In this regard, few studies were found, monitoring a total of 3000 children, nearly half of whom were taking atomoxetine.
Only for atomoxetine were data regarding treatments lasting longer than 3 years available. On the contrary, for transdermal methylphenidate, the follow-up lasted less than 1 year.
Wide heterogeneity was found regarding the way information concerning AEs was reported, making the comparison between studies not possible.
The rate of discontinuation due to AEs was the only measure reported in all the studies, but with different treatment duration, and three studies did not report the overall incidence of treatment-related AEs.
Different criteria were used in reporting the most common AEs. First of all, the threshold varied between 1% and 10%, which means that only AEs classified as 'common' (frequency >1/100) were described in the papers, or 'very common' (frequency >1/10) in the case of atomoxetine.
Moreover, it is possible that differences exist in the way AE are classified. For example, decrease or loss of appetite was the most common AE with stimulant treatment.
Anorexia occurred very frequently with extended release, but was reported with a lower frequency in the RCTs investigating transdermal methylphenidate, not reported in the subsequent open-label extension period, and, surprisingly, never reported with osmotic-controlled released oral formulation of methylphenidate, despite the fact that, in the 12-month open-label extension, all the treatment-related AEs with an incidence >1% were reported.
When monitoring the long-term safety of extended release amphetamine McGough et al used the term anorexia to group loss of appetite and decreased appetite. On the contrary, in short-term RCTs regarding transdermal methylphenidate McGough et al and Findling et al discriminated between anorexia and decreased appetite.
In studies concerning osmotic-controlled released oral formulation of methylphenidate the following terms were used: loss of appetite, appetite suppression and decreased appetite. Paradoxically, in the paper reporting on a 24-month follow-up period the term used was decreased appetite, while in the previous analysis of the first 12 month the same AE was reported as appetite loss.
The reporting of AEs in clinical trials seems therefore unsatisfactory, as highlighted by other researchers, and more should be done to improve the evaluation of drug safety.
Despite some limitations, the results of this study confirm findings from previous reviews.
Drugs for ADHD seem to be safe and well tolerated. Decreased appetite, insomnia, headache and abdominal pain are the most common AEs observed in the long-term prospective trials (figure 1). Tics were reported in all long-term studies regarding methylphenidate, while emotional lability was reported only with mixed amphetamine salts.
Many AEs are mild or moderate in severity, and the incidence of serious AEs was low. Despite these reassuring results, it should be underlined that lack of tolerability caused the discontinuation of treatment in a proportion of children ranging from one-tenth to one-fourth.

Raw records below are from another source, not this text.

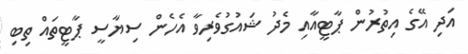
އަދި އޭގެ އިތުރުން ޕާޓީއާއި މެދު ޝައުގުވެރިވާ އެހެން ސިޔާސީ ޕާޓީތައް ތިބި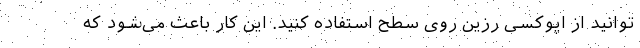
توانید از اپوکسی رزین روی سطح استفاده کنید. این کار باعث می‌شود که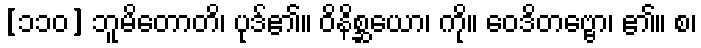
[၁၁၀] ဘူမိတောတိ၊ ပုဒ်၏။ ဝိနိစ္ဆယော၊ ကို။ ဝေဒိတဗ္ဗော၊ ၏။ စ၊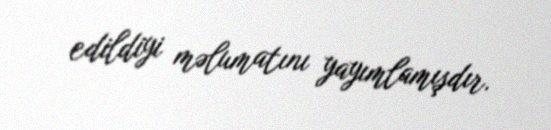
edildiyi məlumatını yayımlamışdır.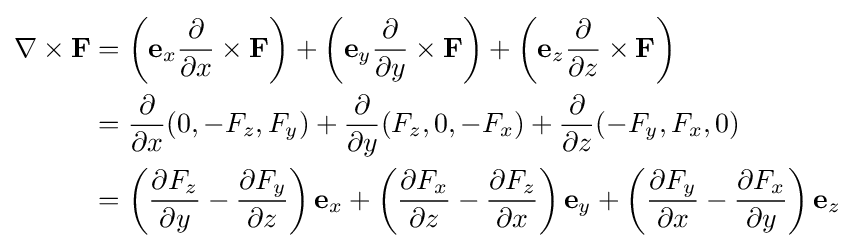
{\begin{aligned}\nabla \times \mathbf {F} &=\left(\mathbf {e} _{x}{\partial  \over \partial x}\times \mathbf {F} \right)+\left(\mathbf {e} _{y}{\partial  \over \partial y}\times \mathbf {F} \right)+\left(\mathbf {e} _{z}{\partial  \over \partial z}\times \mathbf {F} \right)\\&={\partial  \over \partial x}(0,-F_{z},F_{y})+{\partial  \over \partial y}(F_{z},0,-F_{x})+{\partial  \over \partial z}(-F_{y},F_{x},0)\\&=\left({\partial F_{z} \over \partial y}-{\partial F_{y} \over \partial z}\right)\mathbf {e} _{x}+\left({\partial F_{x} \over \partial z}-{\partial F_{z} \over \partial x}\right)\mathbf {e} _{y}+\left({\partial F_{y} \over \partial x}-{\partial F_{x} \over \partial y}\right)\mathbf {e} _{z}\end{aligned}}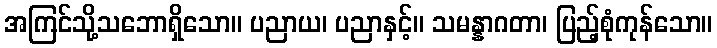
အကြင်သို့သဘောရှိသော။ ပညာယ၊ ပညာနှင့်။ သမန္နာဂတာ၊ ပြည့်စုံကုန်သော။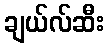
ချယ်လ်ဆီး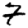
Digit: 7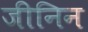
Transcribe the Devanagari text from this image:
जीनिन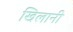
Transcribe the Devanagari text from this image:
खिलानी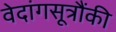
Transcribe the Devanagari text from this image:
वेदांगसूत्रौंकी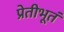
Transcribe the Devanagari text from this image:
प्रेतीभूतं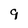
Character: 9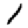
Digit: 1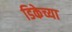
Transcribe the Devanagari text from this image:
डिकेच्या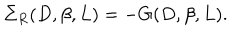
LaTeX: \Sigma _ { R } ( D , \beta , L ) = - G ( D , \beta , L ) .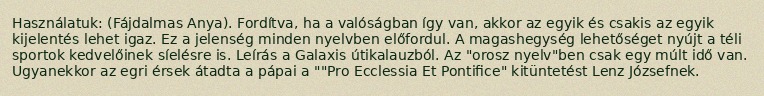
Használatuk: (Fájdalmas Anya). Fordítva, ha a valóságban így van, akkor az egyik és csakis az egyik kijelentés lehet igaz. Ez a jelenség minden nyelvben előfordul. A magashegység lehetőséget nyújt a téli sportok kedvelőinek síelésre is. Leírás a Galaxis útikalauzból. Az "orosz nyelv"ben csak egy múlt idő van. Ugyanekkor az egri érsek átadta a pápai a ""Pro Ecclessia Et Pontifice" kitüntetést Lenz Józsefnek.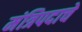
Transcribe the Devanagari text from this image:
मंत्रिपदाचे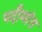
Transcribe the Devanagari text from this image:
पदीमांत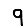
Digit: 9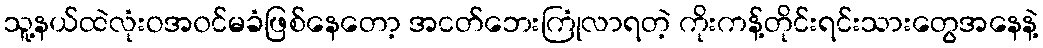
သူ့နယ်ထဲလုံးဝအ၀င်မခံဖြစ်နေတော့ အငတ်ဘေးကြုံလာရတဲ့ ကိုးကန့်တိုင်းရင်းသားတွေအနေနဲ့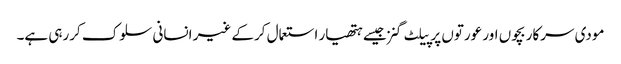
مودی سرکار بچوں اور عورتوں پر پیلٹ گنز جیسے ہتھیار استعمال کرکے غیر انسانی سلوک کررہی ہے۔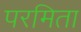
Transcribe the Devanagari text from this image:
परमिता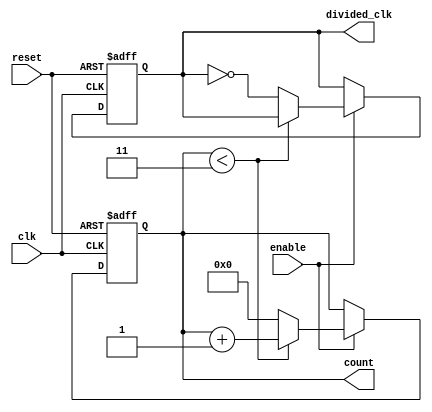
module frequency_divider_counter #(
    parameter DIV_FACTOR = 4  // Default division factor
)(
    input wire clk,            // Input clock signal
    input wire reset,          // Asynchronous reset signal
    input wire enable,         // Enable signal for counting
    output reg divided_clk,     // Output divided clock signal
    output reg [31:0] count    // Current count value
);

    // Internal register to hold the next count value
    reg [31:0] next_count;

    // Asynchronous reset and counting logic
    always @(posedge clk or posedge reset) begin
        if (reset) begin
            count <= 32'b0;        // Reset count to zero
            divided_clk <= 1'b0;    // Reset divided clock
        end else if (enable) begin
            // Increment the count if enabled
            if (count < (DIV_FACTOR - 1)) begin
                count <= count + 1;
            end else begin
                count <= 32'b0;      // Reset count when DIV_FACTOR is reached
                divided_clk <= ~divided_clk; // Toggle divided clock
            end
        end
    end

    // Initialize divided_clk to 0
    initial begin
        divided_clk = 1'b0;
        count = 32'b0;
    end

endmodule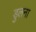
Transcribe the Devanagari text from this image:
डुलना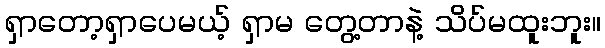
ရှာတော့ရှာပေမယ့် ရှာမ တွေ့တာနဲ့ သိပ်မထူးဘူး။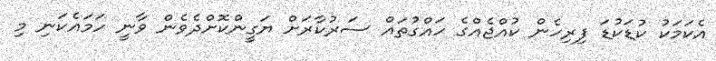
އެކަމަކު ކުޑަކުޑަ ފިރިހެން ކުއްޖެއްގެ ހައްގުތައް ސަރުކާރަށް ޔަގީންކޮށްދެވެން ވާނީ ހަމައެކަނި މި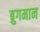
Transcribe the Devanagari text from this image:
ब्रुगमान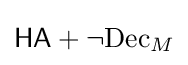
{\mathsf {HA}}+\neg {\mathrm {Dec} }_{M}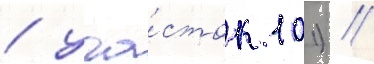
/ уча́сток 101) //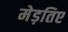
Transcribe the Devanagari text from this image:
मेड़तिए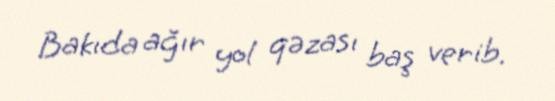
Bakıda ağır yol qəzası baş verib.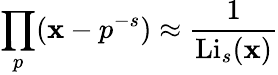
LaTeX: \prod_{p}(\mathbf{x}-p^{-s})\approx{\frac{{1}}{{\operatorname{Li}_{s}(\mathbf{x})}}}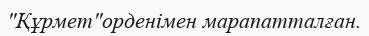
"Құрмет"орденімен марапатталған.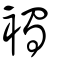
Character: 襡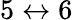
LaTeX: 5\leftrightarrow 6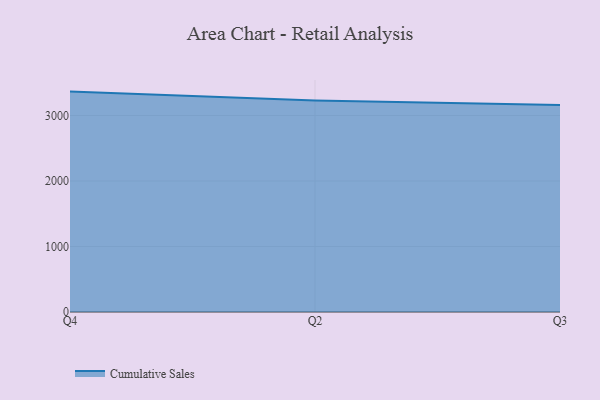
{"axis": {"x": "Quarter", "y": "Operating Costs (USD K)"}, "legend": ["Cumulative Sales"], "data": [{"x": "Q4", "y": 3364.9, "type": "Cumulative Sales"}, {"x": "Q2", "y": 3230.2, "type": "Cumulative Sales"}, {"x": "Q3", "y": 3160.6, "type": "Cumulative Sales"}]}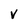
Character: v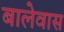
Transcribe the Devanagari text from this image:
बालेवास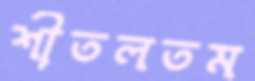
শীতলতম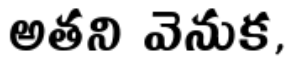
అతని వెనుక,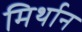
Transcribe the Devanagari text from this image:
मिर्थान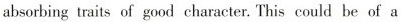
absorbing traits of good character. This could be of a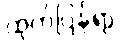
ထုတ်ပြန်ရာ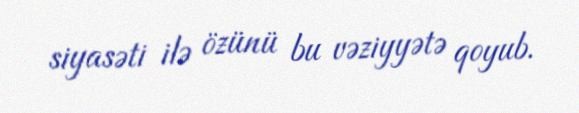
siyasəti ilə özünü bu vəziyyətə qoyub.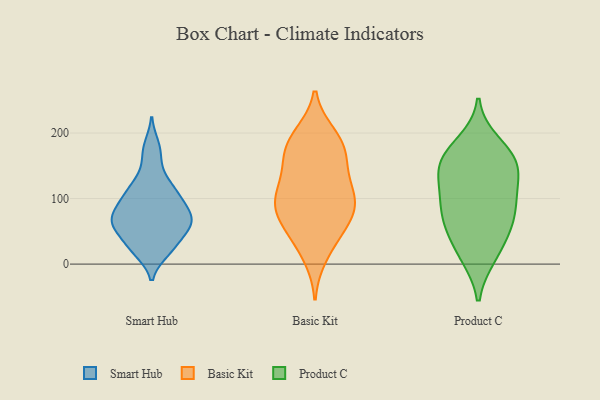
{"axis": {"x": "Market Share (%)", "y": "Value"}, "legend": ["Basic Kit", "Product C", "Smart Hub"], "data": [{"x": "", "y": 165, "type": "Smart Hub"}, {"x": "", "y": 21, "type": "Smart Hub"}, {"x": "", "y": 96, "type": "Smart Hub"}, {"x": "", "y": 34, "type": "Smart Hub"}, {"x": "", "y": 105, "type": "Smart Hub"}, {"x": "", "y": 19, "type": "Smart Hub"}, {"x": "", "y": 120, "type": "Smart Hub"}, {"x": "", "y": 63, "type": "Smart Hub"}, {"x": "", "y": 84, "type": "Smart Hub"}, {"x": "", "y": 110, "type": "Smart Hub"}, {"x": "", "y": 87, "type": "Smart Hub"}, {"x": "", "y": 76, "type": "Smart Hub"}, {"x": "", "y": 63, "type": "Smart Hub"}, {"x": "", "y": 60, "type": "Smart Hub"}, {"x": "", "y": 131, "type": "Smart Hub"}, {"x": "", "y": 62, "type": "Smart Hub"}, {"x": "", "y": 25, "type": "Smart Hub"}, {"x": "", "y": 181, "type": "Smart Hub"}, {"x": "", "y": 55, "type": "Smart Hub"}, {"x": "", "y": 61, "type": "Smart Hub"}, {"x": "", "y": 68, "type": "Basic Kit"}, {"x": "", "y": 61, "type": "Basic Kit"}, {"x": "", "y": 191, "type": "Basic Kit"}, {"x": "", "y": 28, "type": "Basic Kit"}, {"x": "", "y": 161, "type": "Basic Kit"}, {"x": "", "y": 169, "type": "Basic Kit"}, {"x": "", "y": 103, "type": "Basic Kit"}, {"x": "", "y": 111, "type": "Basic Kit"}, {"x": "", "y": 66, "type": "Basic Kit"}, {"x": "", "y": 92, "type": "Basic Kit"}, {"x": "", "y": 54, "type": "Basic Kit"}, {"x": "", "y": 170, "type": "Basic Kit"}, {"x": "", "y": 11, "type": "Basic Kit"}, {"x": "", "y": 198, "type": "Basic Kit"}, {"x": "", "y": 132, "type": "Basic Kit"}, {"x": "", "y": 92, "type": "Basic Kit"}, {"x": "", "y": 104, "type": "Basic Kit"}, {"x": "", "y": 99, "type": "Basic Kit"}, {"x": "", "y": 150, "type": "Basic Kit"}, {"x": "", "y": 194, "type": "Basic Kit"}, {"x": "", "y": 13, "type": "Product C"}, {"x": "", "y": 168, "type": "Product C"}, {"x": "", "y": 139, "type": "Product C"}, {"x": "", "y": 185, "type": "Product C"}, {"x": "", "y": 108, "type": "Product C"}, {"x": "", "y": 154, "type": "Product C"}, {"x": "", "y": 164, "type": "Product C"}, {"x": "", "y": 63, "type": "Product C"}, {"x": "", "y": 92, "type": "Product C"}, {"x": "", "y": 76, "type": "Product C"}, {"x": "", "y": 43, "type": "Product C"}, {"x": "", "y": 150, "type": "Product C"}, {"x": "", "y": 95, "type": "Product C"}, {"x": "", "y": 12, "type": "Product C"}, {"x": "", "y": 59, "type": "Product C"}, {"x": "", "y": 131, "type": "Product C"}]}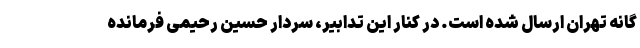
گانه تهران ارسال شده است. در کنار این تدابیر، سردار حسین رحیمی فرمانده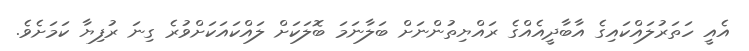
އެއީ ހަތަރުލައްކައިގެ އާބާދީއެއްގެ ރައްޔިތުންނަށް ބަލާނަމަ ބޮލަކަށް ލައްކައަކަށްވުރެ ގިނަ ރުފިޔާ ކަމަށެވެ.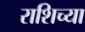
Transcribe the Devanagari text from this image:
राशिच्या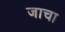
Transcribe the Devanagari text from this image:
जाचा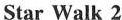
Star Walk 2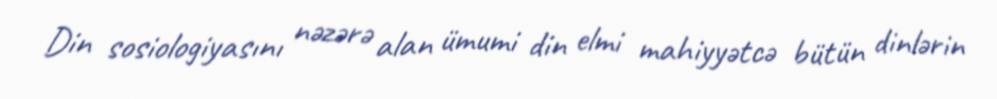
Din sosiologiyasını nəzərə alan ümumi din elmi mahiyyətcə bütün dinlərin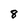
Character: 8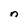
Character: n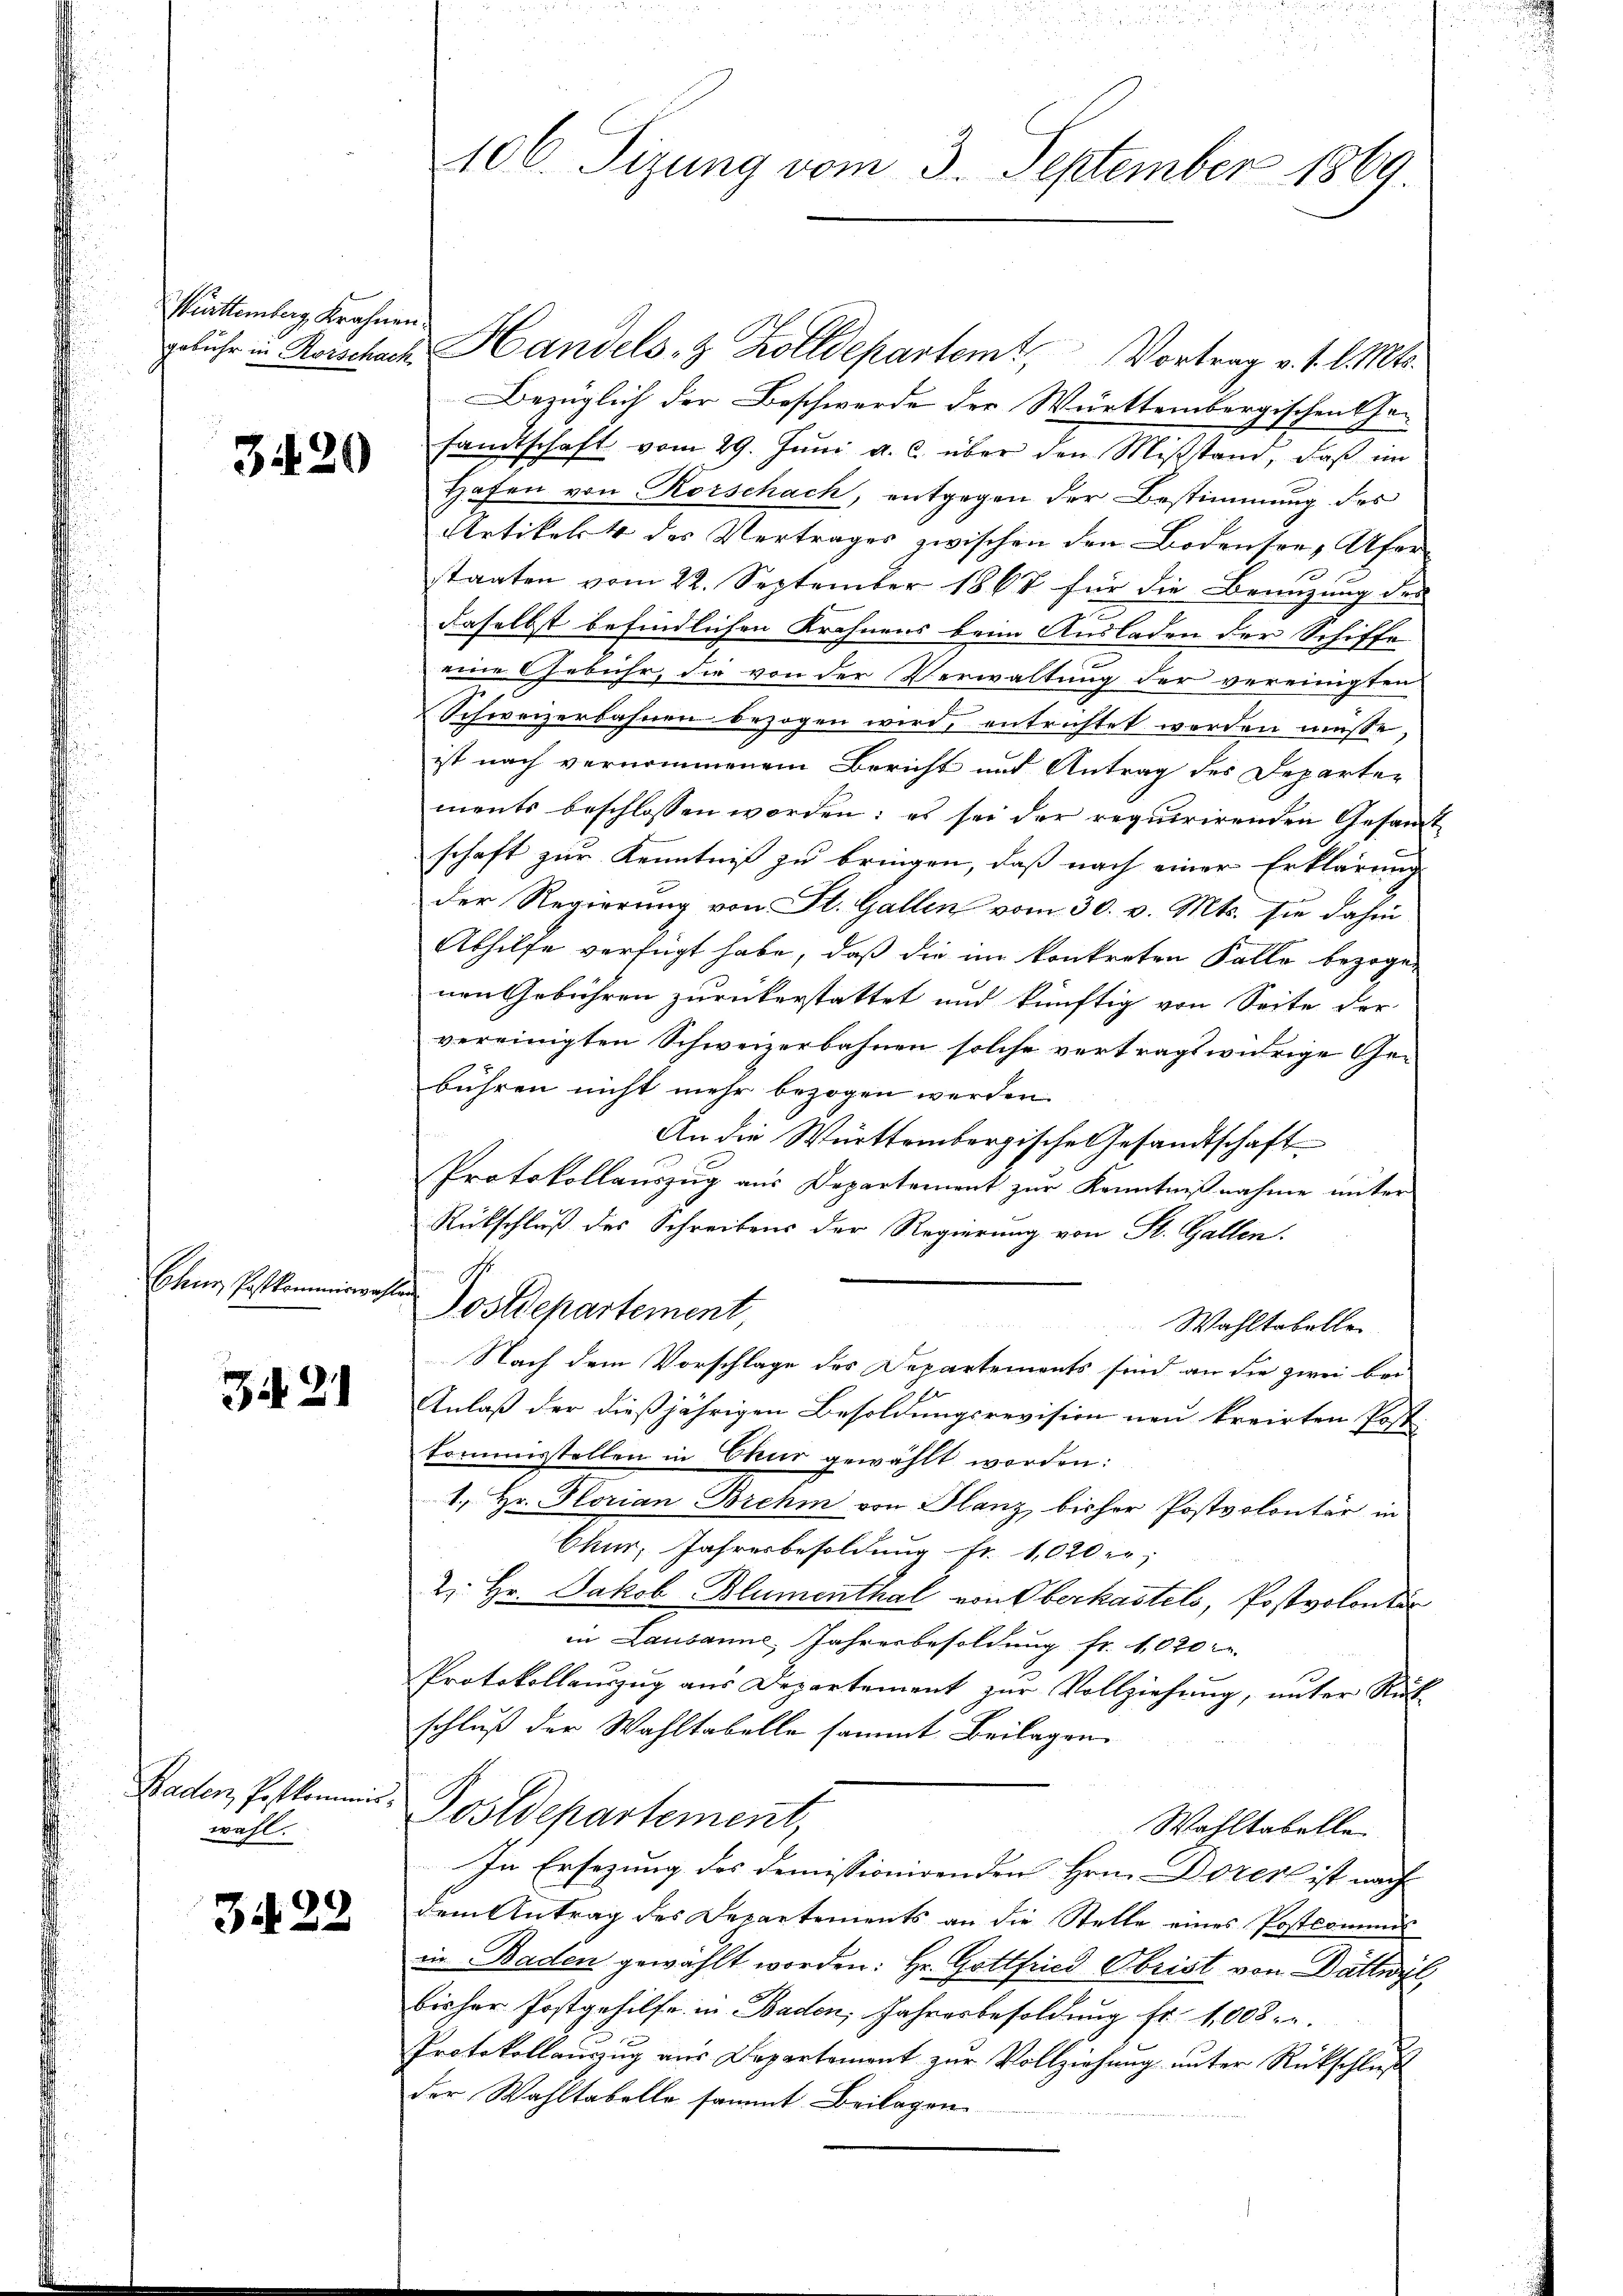
Württemberg Krahnen.

3420

Chur, Postkommiswa

Z. 21

Baden, Postkommis
wahl.

34. 22

gebühr in Rorschach Handels- & Zolldepartemt, Vortrag v. 1. l. Mts.
Bezüglich der Beschwerde der Württembergischen Ge¬
72
sandtschaft vom 29. Jŭni a. c. über den Mißstand, daß im
Hafen von Rorschach, entgegen der Bestimmung des
Artikel des Vertrages zwischen den Bodensee Ufer
staaten vom 22. September 1867 für die Benuzung des
daselbst befindlichen Krahnens beim Ausladen der Schiffe
eine Gebühr, die von der Verwaltung der vereinigten
Schweizerbahnen bezogen wird, entrichtet werden müsse,
ist nach vernommenem Bericht und Antrag des Departen
ments beschlossen worden: es sei der requirirenden Gesamt-
schaft zur Kenntniß zu bringen, daß nach einer Erklärung
der Regierung von St. Gallen vom 30. v. Mts. sie dahin
Abhilfe verfügt habe, daß die im konkreten Falle bezogen
nen Gebühren zurückerstattet und künftig von Seite der
vereinigten Schweizerbahnen solche vertragswirige Gebühren nicht mehr bezogen werden.
An die Württembergische Gesandtschaft
Protokollauszug aus Departement zur Kenntnißnahme unter
Rütschluß des Schreibens der Regierung von St. Gallen.
luf
Postdepartement,
Wahltabellen
Nach dem Vorschlage des Departemonts sind an die zwei bei
Anlaß der dießjährigen Besoldungsrevision neu kreirten Post-
kommisstellen in Chur gewählt worden:
1., Hr. Horian Brehm von Glanz bisher Postvolontär in
Chur, Jahresbesoldung Fr. 1020 er;
2. Hr. Jakob Blumenthal von Oberkastels, Postvolontär
in Lausanne Jahresbesoldung fr. 1020
Protokollaŭszŭg aŭs Departement zŭr Vollziehung, unter Ruch
schluß der Wahltabelle sammt Beilagen
f
Postdepartement,
Wahltabelle
In Ersezung des demissionirenden Hrn. Dores ist nach
dem Antrag des Separtements an die Stelle eines Postcommis
in Baden gewählt worden: Hr. Gottfried Obrist von Dättwyl,
bisher Postgehilfe in Baden, Jahresbesoldung Fr. 1,008.
Protokollauszug aus Departement zur Vollziehung unter Rückschluß
der Wahltabelle sammt Beilagen.

106. Sizung vom 3. September 1869.

Most of the AEs and discontinuation cases occurred in the first few months of drug treatment.
Given the small sample and the threshold chosen to report the results, few data are available concerning events that occur with a frequency less than 1%. Many psychiatric AEs may be missed or underestimated, in particular the more severe ones (eg, suicide attempts).
Retrieved studies provided scant information concerning the effect of treatments on growth and on the cardiovascular system. However, several ad hoc studies and reviews are available regarding these topics.
Although the medications for ADHD are generally well tolerated, with only mild or minor adverse effects in most cases, their rational use can be guaranteed by implementing and monitoring evidence-based practices, that is, by monitoring the safety and efficacy of treatments in the short and long terms with adequate and appropriate tools and approaches.
Taking into account the wide heterogeneity between studies in the follow-up duration, and the AE reporting criteria, any consideration on which treatment has the least AEs is currently questionable.